When it comes to money, I’m actually, I think, quite a cautious person. Other people might see it as reckless abandonment or shortsightedness or whatever. I don’t. Because despite all the “radicalism”, we still want to be able to do this, so I consider things. The scale of what we’re trying to do has grown but the principle of those ideas and heart remains the same, and I’d like to think a little purer, a little less egoic than before. Back then, it was just us saying, “Listen to our band, listen to our band”. I’m a terrible listener so it takes some time for these things to take root, but over the course of the last 16 years, I’ve had a lot of conversations and gigs and learning and eating shit for zero thanks and that’s okay, because at those points, the fact we were doing it was enough. And I still feel that in my heart. I think you can tell, or I hope that comes across; that there are shits given.
(CD): You totally can. Since you spend so much time supporting other people, what’s the thing other people can do to show you some support?
(DJ): I think the answer is always the same no matter what you’re talking about; come. Come to the shows. Come check out the bands. Dundee has a wonderful musical community, whether it’s punk rock or hardcore or alternative or whatever the case may be, it’s all about the humans. Our church of punk—what a ridiculous phrase—is a wide one and we try to be inclusive not in a tokenist way but of ideas. And not to wave the flag of “oh look at us” but I don’t think there’s many other examples of bills, of musical communities where a band like Indica could comfortably share a bill with Nicola Madill. To me there are direct connections between those bands that have nothing to do with sonics and everything to do with ideals and thoughts and maybe a reflectiveness.

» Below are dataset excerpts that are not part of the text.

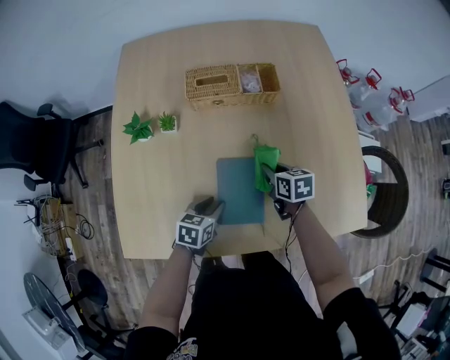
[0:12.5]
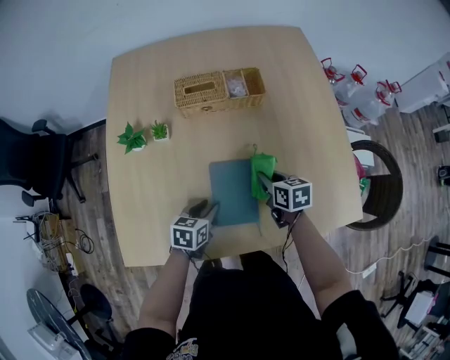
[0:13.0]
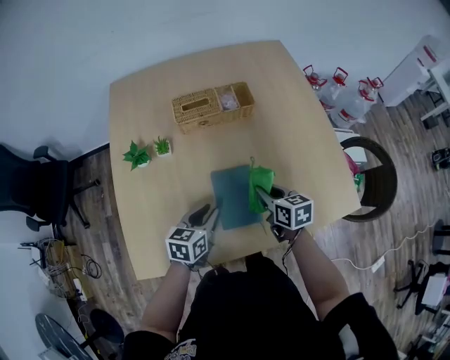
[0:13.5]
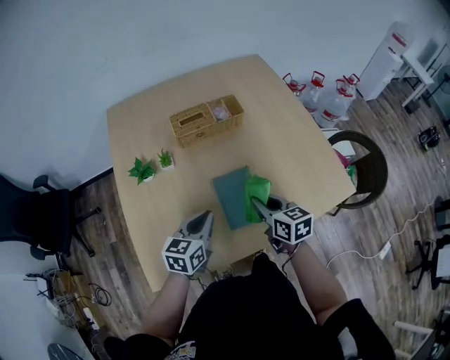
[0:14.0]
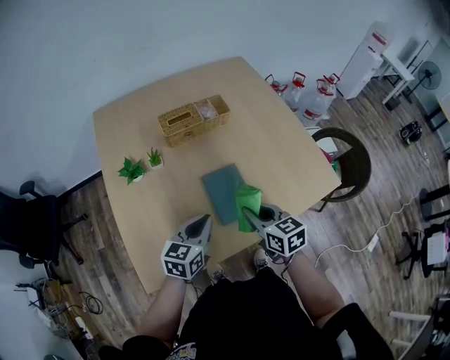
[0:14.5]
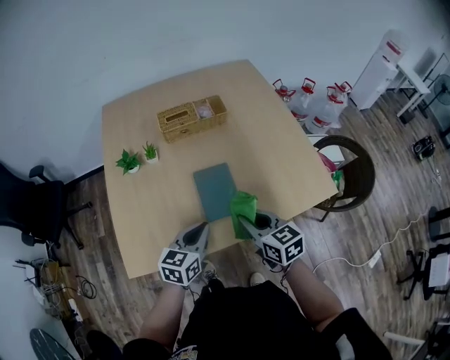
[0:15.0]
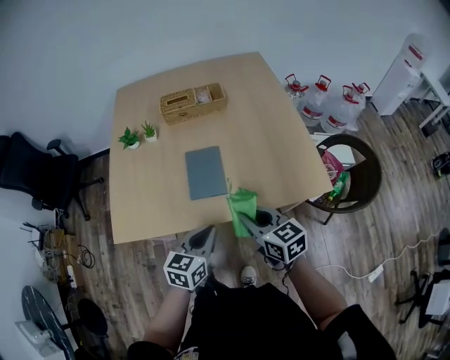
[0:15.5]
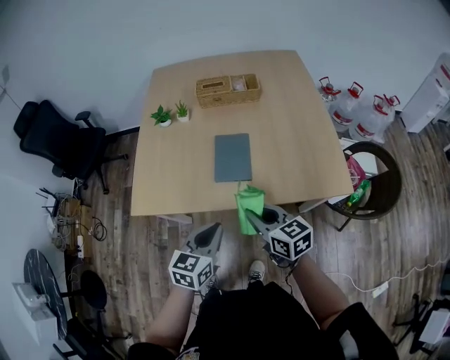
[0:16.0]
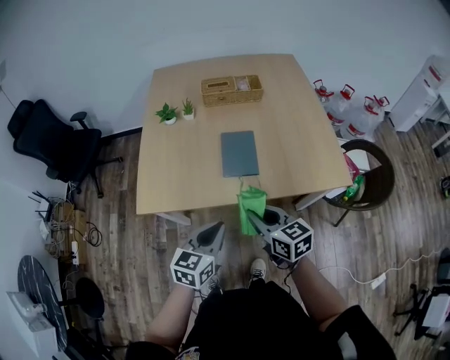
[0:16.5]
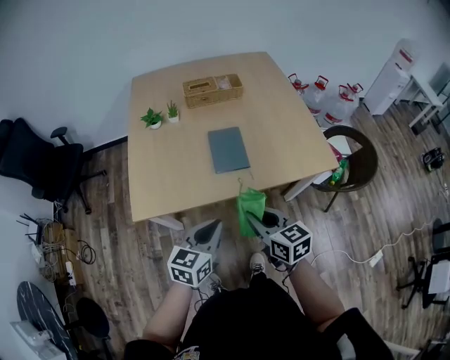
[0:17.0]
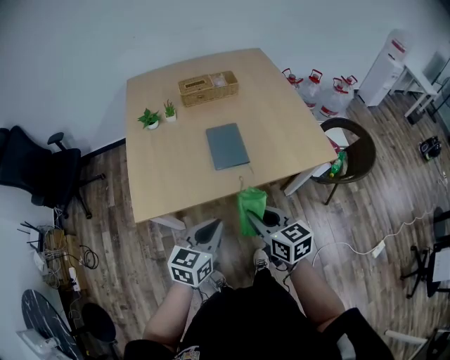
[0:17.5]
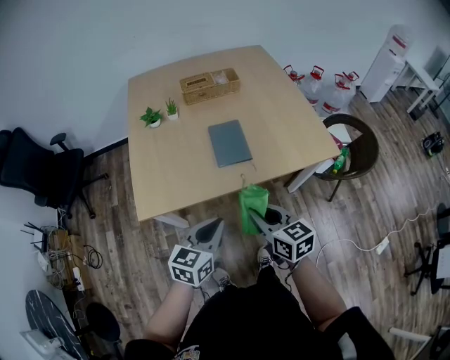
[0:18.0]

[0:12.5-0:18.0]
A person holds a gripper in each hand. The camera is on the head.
0:12.5 to 0:14.5: The right gripper goes roughly 25 cm backward and upward, and changes its angle by about 20 degrees. The left gripper moves upward, about 15 cm, swivels roughly 30 degrees, and closes up.
0:14.5 to 0:16.0: The left gripper ends up about 25 cm from where it was, and rotates approximately 20 degrees; the right gripper moves about 15 cm, and rotates about 30 degrees.
0:16.0 to 0:18.0: The left gripper goes about 10 cm to the left and backward. Meanwhile the right gripper heads backward and to the left, covering some 10 cm.

So in terms of what I’d like people to do, look at what we have. I don’t mean just Make-That-A-Take but in our city. Almost any scene or culture you’re looking for exists here, you’ve just got to scratch that little bit deeper. Maybe come a little bit further back than the West End and the Waterfront and there are interesting things going on all over the place.

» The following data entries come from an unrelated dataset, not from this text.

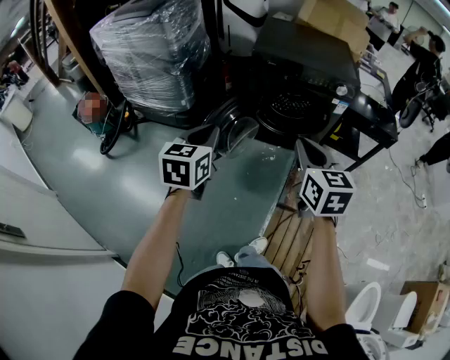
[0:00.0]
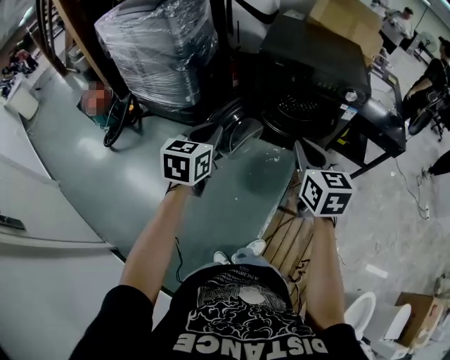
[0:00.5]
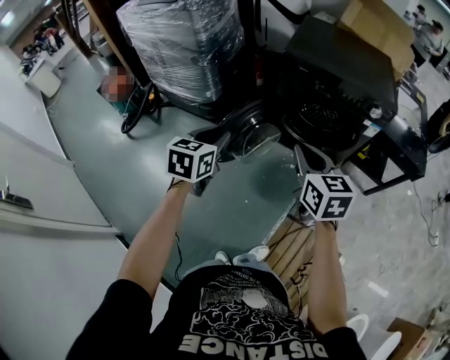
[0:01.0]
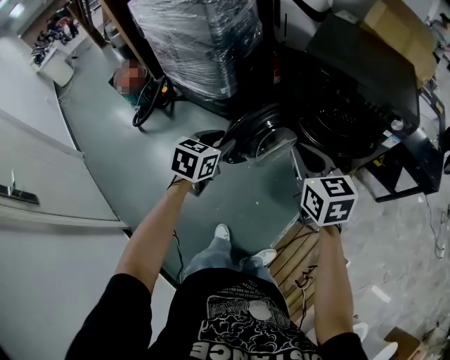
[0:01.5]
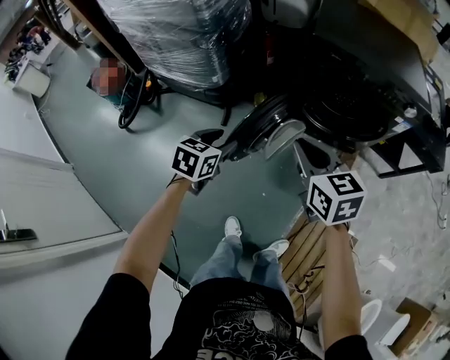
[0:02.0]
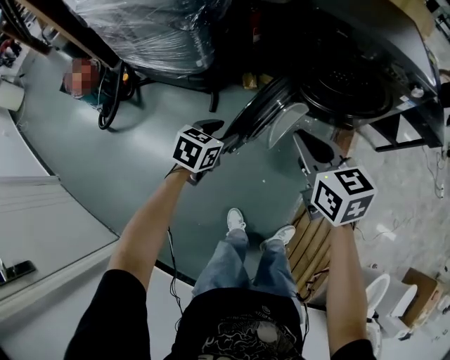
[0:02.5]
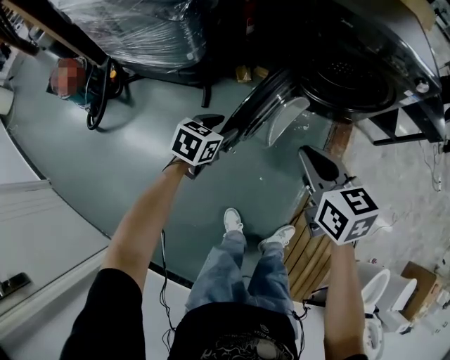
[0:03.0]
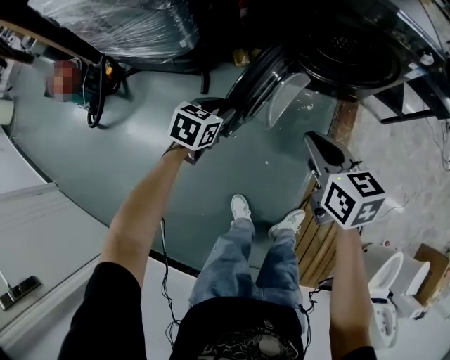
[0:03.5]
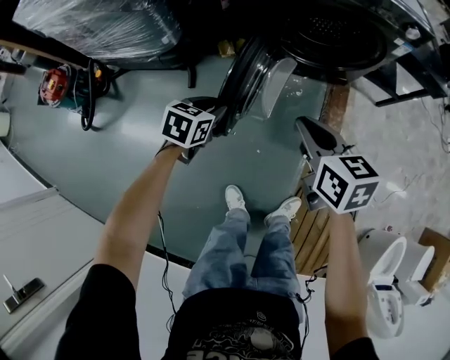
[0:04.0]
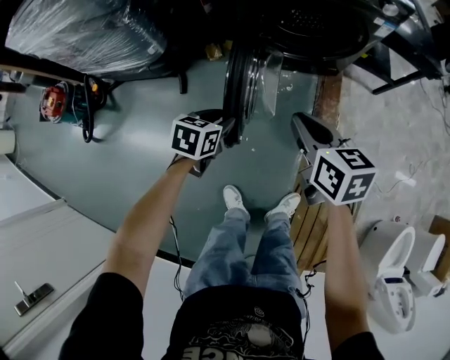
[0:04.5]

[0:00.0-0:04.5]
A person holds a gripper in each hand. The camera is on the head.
0:00.0 to 0:02.0: The left gripper is displaced downward, forward and to the left by roughly 25 cm, changes its angle by about 20 degrees, and opens its fingers. Meanwhile the right gripper shifts approximately 25 cm forward, to the left and downward, and rotates about 20 degrees.
0:02.0 to 0:04.5: Both grippers travel together downward and to the right, about 20 cm. The right gripper changes its angle by approximately 30 degrees.

There’s always a space for those who’ll do the thing and are doing the thing, whether it’s punk or hardcore or motors or tables or furniture or food or setting up your own support groups or community larder or community projects like Food Not Bombs. Literally, any projects you can set up autonomously with groups of people are to be encouraged. DIY projects need the benefit of the doubt; both myself and Make-That-A-Take wouldn’t have been here without it so I think that for myself forms the crux of it.